Take Steve Webb for example. His views have been picked up in the Guardian
Steve Webb, the Liberal Democrats' Mr Wonk, said Britain had taken the American, not the Scandinavian road to "consumerist, fractured individualism" in the past 20 years, under Labour and Tory.
That might explain why Ireland gets lumped in with the US and UK in Unicef's rich-but-poor parenting bloc. "Dog eat dog societies," one Unicef author called them.
Like Unicef, Mr Webb notes that national wealth, government spending levels, unemployment, even single parenthood, do not necessarily condemn a nation's children, though they are all factors. "Perhaps the UK property market is partly to blame. You can't live in half the country without being a two-income family where the parents may not see much of the kids," he observed last night.
This doesn´t all appeal to me - some of my best friends and are Scandinavians, and they tend to see the downside of cultural norms that place much higher empasis on conformity. And - as I will discuss below - there are many ways in whch we are different from the Scandinavians.
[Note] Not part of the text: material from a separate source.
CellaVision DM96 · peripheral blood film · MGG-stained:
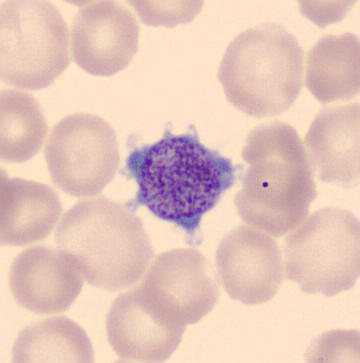
Morphology consistent with a platelet (thrombocyte).

Russell Eagling's piece for the Free Think blog seems to take a little distance from Steve´s reported remarks:
Steve Webb's positioning on this debate is interesting. He is the Lib Dem often seen to be asking for biggest tax rises. But he is also very much associated with the Christian wing of the party, the pet views of which this story rightly plays to.
The issue generally forces us to examine our own assumptions. No public-spirited liberals would say that the effects of children taking drugs, having sex, being unfit and spending virtually no time with their parents (amongst other sins) are a good thing. But what does the liberal Netherlands (at the top of the list) get right that so-called liberal England gets so wrong?
And Steve himself takes a slightly different line in his own blog. This is how he ends:
I certainly think that the Government should be looking much harder at how some of its policies make family life much more difficult, and also at some of its rhetoric which has regarded bringing up young children at home as somehow a second class activity. We already have a long-hours culture in this country which does little for family relationships, and I'm not convinced that plans to force more lone parents to look for paid work are a step in the right direction.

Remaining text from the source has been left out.